YOUR GOAL. The required answer is every line of the data containing the word "style".

(Stored data entries)
== Segment start ==

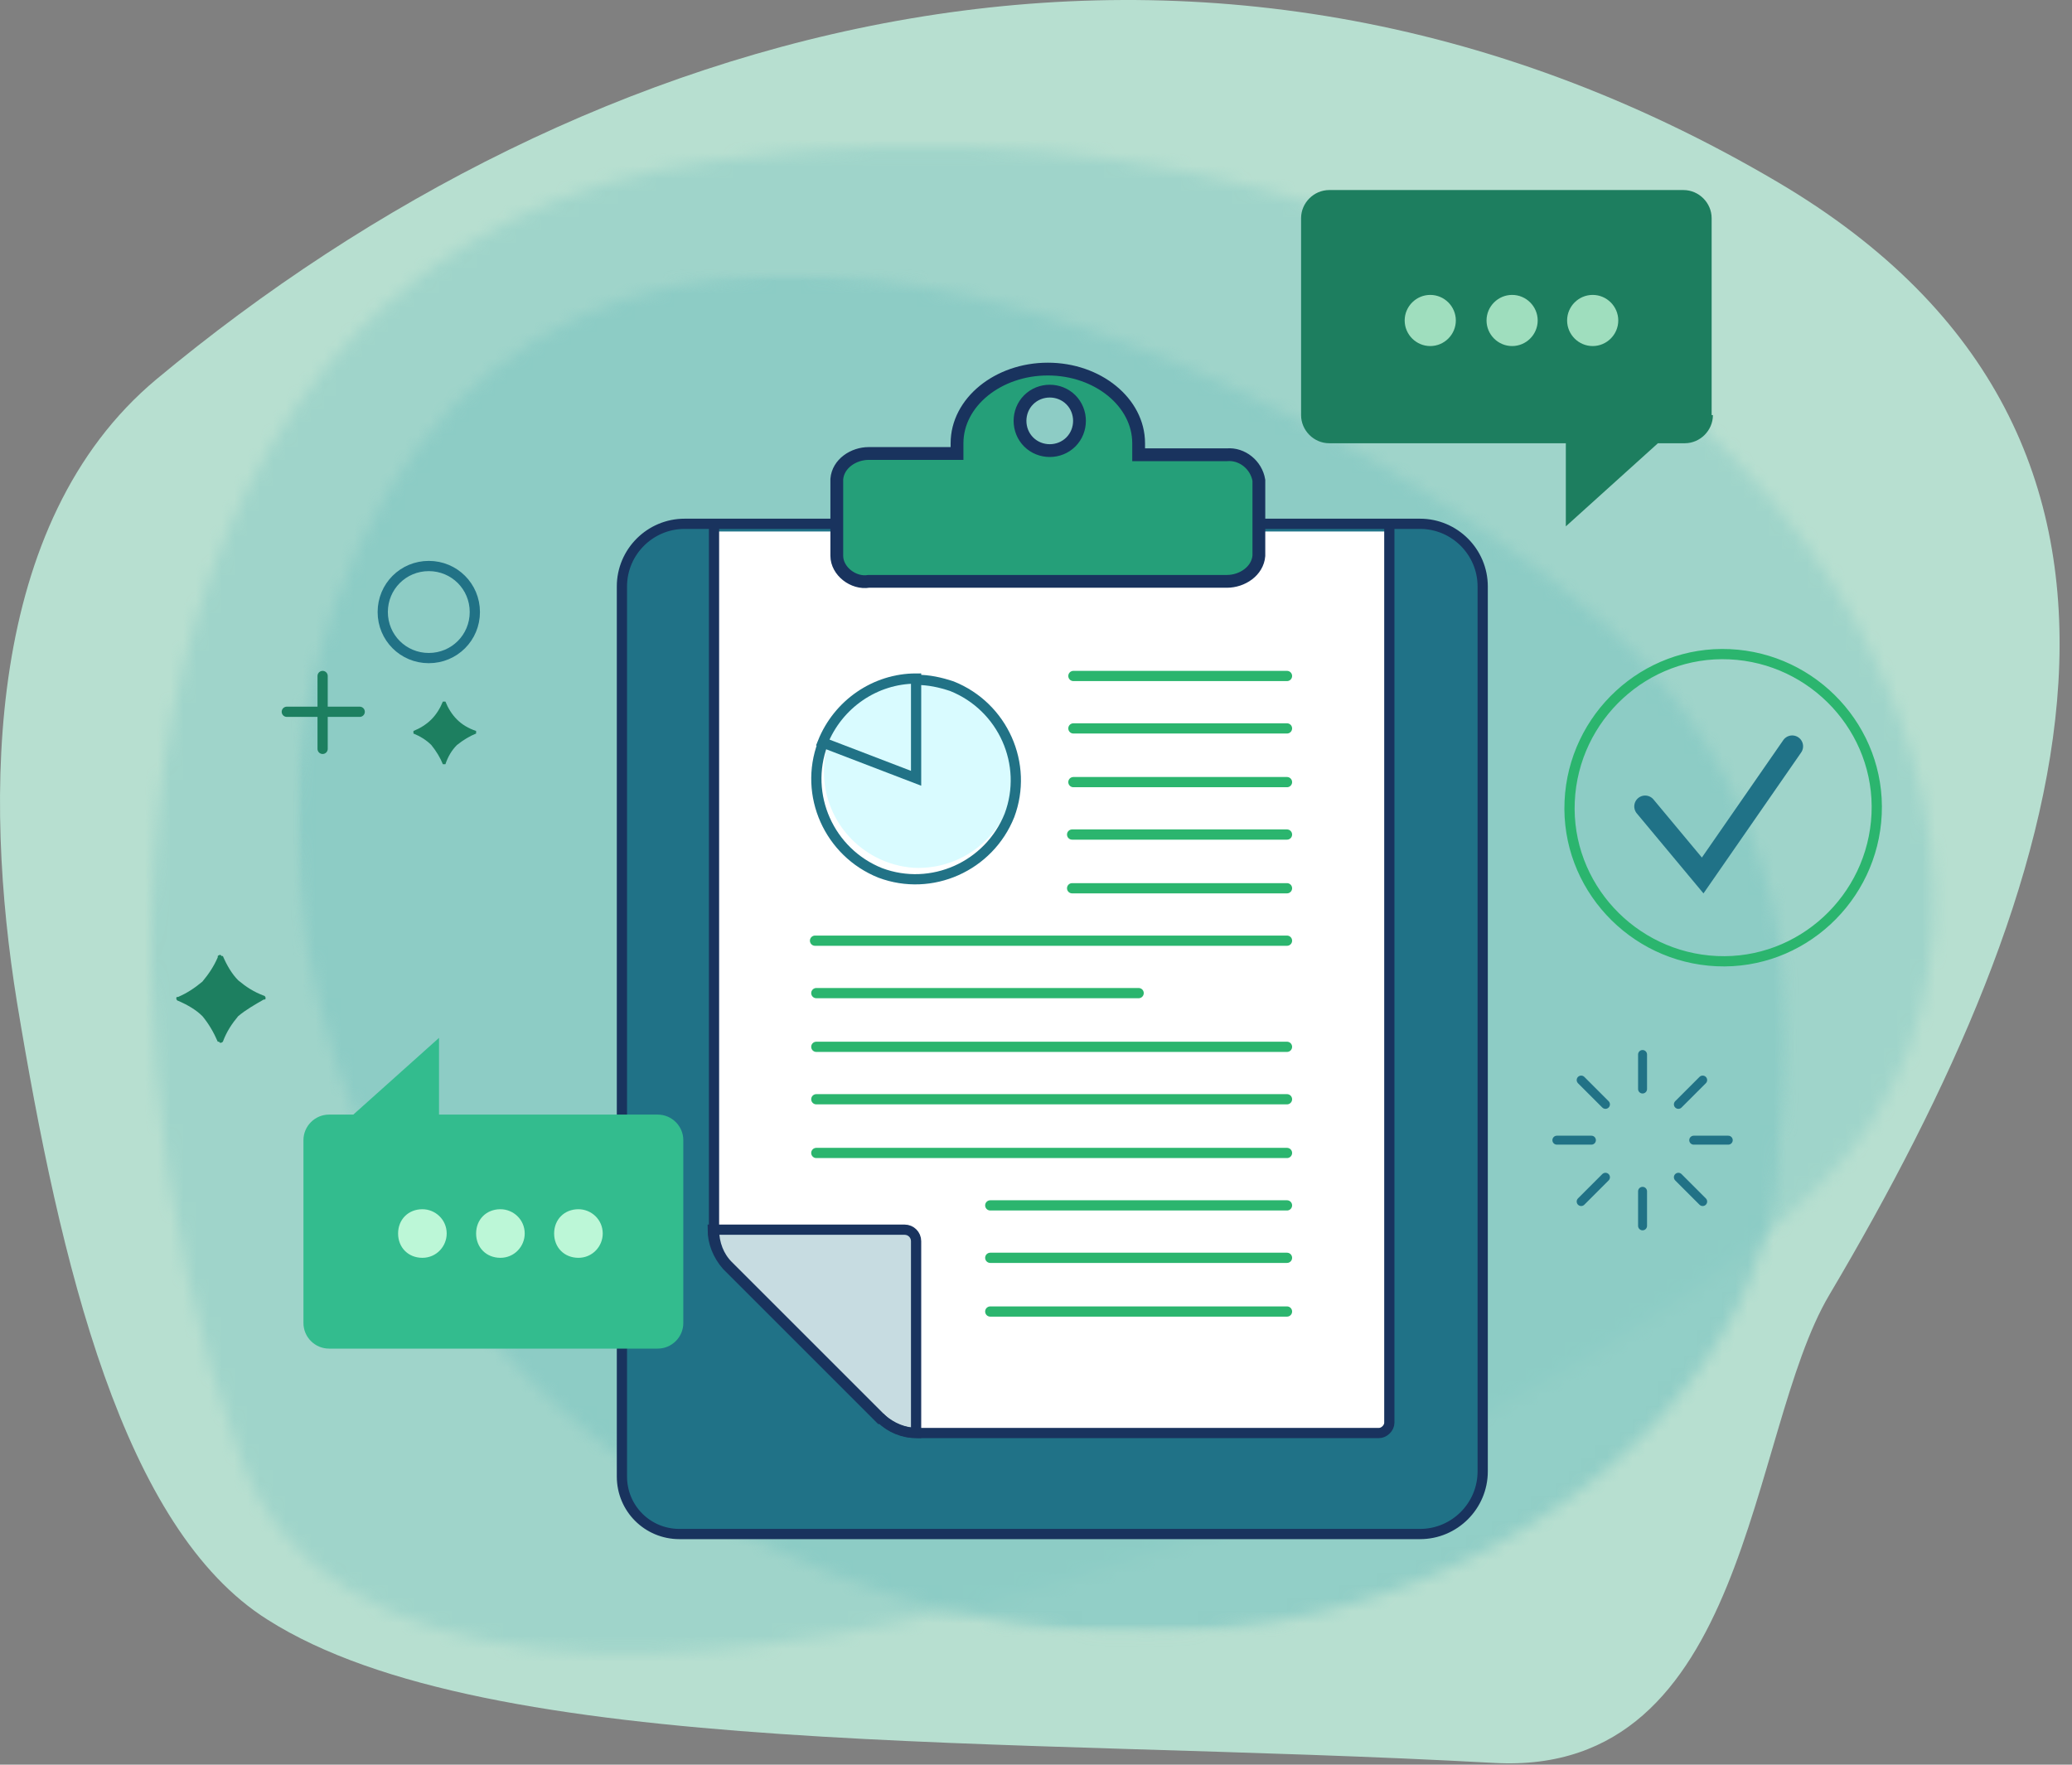 <svg width="162" height="138" viewBox="0 0 162 138" xmlns="http://www.w3.org/2000/svg" xmlns:xlink="http://www.w3.org/1999/xlink">
    <rect x="0" y="0" width="162" height="138" fill="#808080" stroke="none"/>
    <defs>
        <path d="M134.514 76.31c-16.9 25.7-114.2 62.7-127.5 26.3-13.4-36.4-10.9-95.2 37-101.5 73.2-9.7 109.2 46.6 90.5 75.2z" id="h2naf1g66a"/>
        <path id="nyv31trg8d" d="M0 0h116.6v106.2H0z"/>
        <path d="M116.07 67.177s4.6-20.5-10.9-37.1-88.1-59.2-103.9 1.4c-4.5 17.2 1.6 54.8 40.6 70.1 39 15.3 74.5-9.7 74.1-34.4h.1z" id="m6a9v29gof"/>
        <linearGradient x1="18.894%" y1="46.565%" x2="18.894%" y2="46.565%" id="6cr1m63wtc">
            <stop stop-color="#59B4B7" offset="0%"/>
            <stop stop-color="#B7DFD0" offset="100%"/>
        </linearGradient>
        <linearGradient x1="10.801%" y1="49.989%" x2="10.801%" y2="49.989%" id="b4tu046mdh">
            <stop stop-color="#59B4B7" offset="0%"/>
            <stop stop-color="#B7DFD0" offset="100%"/>
        </linearGradient>
    </defs>
    <g fill="none" fill-rule="evenodd">
        <path d="M139.025 14.262c-45.4-26.8-93.3-12.5-126.8 15.4-13.4 11.2-13.5 32.6-10.9 48.7 3.4 20.6 8.3 41.2 19.6 48.3 17.3 11 57.7 9.1 95.9 11.2 20 1.1 19.8-25.8 26.2-36.6 18.9-31.9 30.2-66.8-4-87" fill="#B7DFD0" fill-rule="nonzero"/>
        <g transform="translate(11.81 11.452)" opacity=".5" style="mix-blend-mode:screen">
            <mask id="e0c6ee8dxb" fill="#fff">
                <use xlink:href="#h2naf1g66a"/>
            </mask>
            <g mask="url(#e0c6ee8dxb)" fill="url(#6cr1m63wtc)" fill-rule="nonzero">
                <path d="M-76.986 43.986 96.277-85.161 223.99 86.179 50.726 215.324z"/>
            </g>
        </g>
        <g transform="translate(23.225 21.462)" opacity=".8" style="mix-blend-mode:screen">
            <mask id="ukzj0mhuce" fill="#fff">
                <use xlink:href="#nyv31trg8d"/>
            </mask>
            <g mask="url(#ukzj0mhuce)">
                <g transform="translate(-.07 .023)">
                    <mask id="bk1fcrxpcg" fill="#fff">
                        <use xlink:href="#m6a9v29gof"/>
                    </mask>
                    <g mask="url(#bk1fcrxpcg)">
                        <path transform="rotate(-46.6 -8.802 177.65)" d="M39.198 39.666h191.1v190.2h-191.1z" fill="url(#b4tu046mdh)" fill-rule="nonzero"/>
                    </g>
                </g>
            </g>
        </g>
        <path d="M52.825 41.162h58.9c2.3 0 4.2 1.9 4.2 4.2v70.2c0 2.3-1.9 4.2-4.2 4.2h-58.9c-2.3 0-4.2-1.9-4.2-4.2v-70.2c0-2.3 1.9-4.2 4.2-4.2" fill="#207287" fill-rule="nonzero"/>
        <path d="M108.425 112.162h-38.3l-14.5-15v-55.6h53l-.2 70.6z" fill="#FFF" fill-rule="nonzero"/>
        <path fill="#C7DCE1" fill-rule="nonzero" d="m55.825 96.262.3 1.7 13.1 13.3 2.4 1v-15.9h-15.8z"/>
        <path d="M79.325 60.862c-.3 4.1-3.8 7.2-7.9 7-4.1-.3-7.2-3.8-7-7.9.2-3.9 3.5-7 7.4-7 3.9 0 7.6 3.7 7.4 7.9" fill="#D9FBFF" fill-rule="nonzero"/>
        <g>
            <path d="M133.925 32.462c0 1.2-1 2.2-2.2 2.2h-2.1l-7.2 6.5v-6.5h-18.5c-1.2 0-2.2-1-2.2-2.2v-15.4c0-1.2 1-2.2 2.2-2.2h27.7c1.2 0 2.2 1 2.2 2.2v15.4h.1z" fill="#1D7E5F" fill-rule="nonzero"/>
            <path d="M108.625 40.962v70.3c0 .4-.4.8-.8.8h-36.1c-1 0-2-.4-2.8-1.1l-12-12c-.7-.7-1.1-1.7-1.1-2.8v-55.3" stroke="#19335E" stroke-width=".8"/>
            <path d="M68.925 110.962c.7.7 1.7 1.1 2.7 1.1v-15c0-.5-.4-.9-.9-.9h-15c0 1 .4 2 1.1 2.8l12 12h.1z" stroke="#19335E" stroke-width=".8"/>
            <path stroke="#2BB56E" stroke-width=".8" stroke-linecap="round" d="M100.624 94.262h-23.2M100.624 90.162h-36.8M100.624 98.362h-23.2M100.624 102.562h-23.2M100.624 85.962h-36.8M100.624 81.862h-36.8M89.025 77.662h-25.2M100.624 73.562h-36.9M100.624 69.462h-16.8M100.624 65.262h-16.8M100.624 61.162h-16.7M100.624 56.962h-16.7M100.624 52.862h-16.7"/>
            <path d="M64.325 58.162c-1.5 4 .5 8.5 4.5 10.1 4 1.5 8.5-.5 10.1-4.5 1.5-4-.5-8.5-4.5-10.1-.9-.3-1.8-.5-2.8-.5" stroke="#217286" stroke-width=".8" stroke-linecap="round"/>
            <path d="M113.825 25.062c0 1.1-.9 2-2 2s-2-.9-2-2 .9-2 2-2 2 .9 2 2M120.225 25.062c0 1.1-.9 2-2 2s-2-.9-2-2 .9-2 2-2 2 .9 2 2M126.525 25.062c0 1.1-.9 2-2 2s-2-.9-2-2 .9-2 2-2 2 .9 2 2" fill="#9FDEBE" fill-rule="nonzero"/>
            <path d="M146.725 63.662c-.3 6.6-5.9 11.8-12.5 11.5-6.6-.3-11.8-5.9-11.5-12.5.3-6.6 5.9-11.8 12.5-11.5 6.6.3 11.8 5.9 11.5 12.5z" stroke="#2BB56E" stroke-width=".8"/>
            <path stroke="#217286" stroke-width=".7" stroke-linecap="round" d="m123.624 84.462 1.9 1.9M128.424 85.162v-2.7M132.424 89.162h2.7M133.124 84.462l-1.9 1.9M123.624 93.962l1.9-1.9M124.425 89.162h-2.7M133.124 93.962l-1.9-1.9M128.424 93.162v2.7"/>
            <path d="M17.025 74.762s.2-.2.3 0h.1c.3.7.7 1.4 1.2 1.9.6.5 1.2.9 2 1.2.1 0 .2.2.1.3h-.1c-.7.4-1.4.8-2 1.3-.5.6-.9 1.2-1.2 2 0 0-.2.2-.3 0h-.1c-.3-.7-.7-1.4-1.2-2-.5-.5-1.2-.9-1.9-1.2-.1 0-.2-.2-.1-.3h.1c.7-.3 1.3-.7 1.9-1.2.5-.6.9-1.2 1.2-1.9M34.625 54.862h.2c.2.5.5 1 .9 1.4.4.4.9.7 1.5.9v.2c-.5.2-1 .5-1.5.9-.4.4-.7.9-.9 1.5h-.2c-.2-.5-.5-1-.9-1.5-.4-.4-.9-.7-1.4-.9v-.2c.5-.2 1-.5 1.4-.9.4-.4.7-.9.9-1.4" fill="#1D7F60" fill-rule="nonzero"/>
            <path d="M37.125 47.862c0 2-1.6 3.6-3.6 3.6s-3.6-1.6-3.6-3.6 1.6-3.6 3.6-3.6 3.6 1.6 3.6 3.6z" stroke="#217286" stroke-width=".8"/>
            <path stroke="#1D7F60" stroke-width=".8" stroke-linecap="round" d="M25.224 52.862v5.7M28.124 55.662h-5.7"/>
            <path stroke="#207287" stroke-width="1.7" stroke-linecap="round" d="m128.625 63.062 4.5 5.4 7-10.1"/>
            <path d="M71.625 53.062c-3.2 0-6.1 2-7.3 5l7.3 2.8v-7.8z" stroke="#217286" stroke-width=".8" stroke-linecap="round"/>
            <path d="M99.625 40.962h-46.1c-2.7 0-4.9 2.2-4.9 4.9v69.6c0 2.5 2 4.5 4.5 4.5h57.9c2.7 0 4.9-2.2 4.9-4.9v-69.2c0-2.7-2.2-4.9-4.9-4.9h-12.4" stroke="#19335E" stroke-width=".8"/>
            <path d="M23.725 89.162c0-1.1.9-2 2-2h1.9l6.7-6v6h17.1c1.1 0 2 .9 2 2v14.3c0 1.1-.9 2-2 2h-25.7c-1.1 0-2-.9-2-2v-14.3z" fill="#33BC8E" fill-rule="nonzero"/>
            <path d="M34.925 96.462c0 1-.8 1.9-1.9 1.9-1.1 0-1.9-.8-1.9-1.9 0-1.1.8-1.9 1.9-1.9 1 0 1.9.8 1.9 1.9M41.025 96.462c0 1-.8 1.9-1.9 1.9-1.1 0-1.9-.8-1.9-1.9 0-1.1.8-1.9 1.9-1.9 1 0 1.9.8 1.9 1.9M47.125 96.462c0 1-.8 1.9-1.9 1.9-1.1 0-1.9-.8-1.9-1.9 0-1.1.8-1.9 1.9-1.9 1 0 1.9.8 1.9 1.9" fill="#BCF7D7" fill-rule="nonzero"/>
            <path d="M95.925 35.462h-6.9v-.8c0-3.2-3.2-5.8-7.1-5.8-3.9 0-7.1 2.6-7.1 5.8v.8h-6.9c-1.2 0-2.4.8-2.5 2v6c0 1.2 1.3 2.2 2.5 2h28c1.2 0 2.4-.8 2.5-2v-5.9c-.2-1.2-1.3-2.1-2.5-2m-12.2-1c-.9.9-2.4.9-3.3 0-.9-.9-.9-2.4 0-3.3.9-.9 2.4-.9 3.3 0 .9.9.9 2.4 0 3.3" fill="#259F79" fill-rule="nonzero"/>
            <path d="M89.025 35.462v-.8c0-3.2-3.2-5.8-7.1-5.8-3.9 0-7.1 2.6-7.1 5.8v.8h-6.9c-1.2 0-2.4.8-2.5 2v6c0 1.2 1.3 2.2 2.5 2h28c1.2 0 2.4-.8 2.5-2v-5.9c-.2-1.2-1.3-2.1-2.5-2h-6.9v-.1zm-5.3-.9c-.9.9-2.4.9-3.3 0-.9-.9-.9-2.4 0-3.3.9-.9 2.4-.9 3.3 0 .9.9.9 2.4 0 3.3z" stroke="#19335E"/>
        </g>
    </g>
</svg>

== Segment end ==

SOLUTION.
        <g transform="translate(11.81 11.452)" opacity=".5" style="mix-blend-mode:screen">
        <g transform="translate(23.225 21.462)" opacity=".8" style="mix-blend-mode:screen">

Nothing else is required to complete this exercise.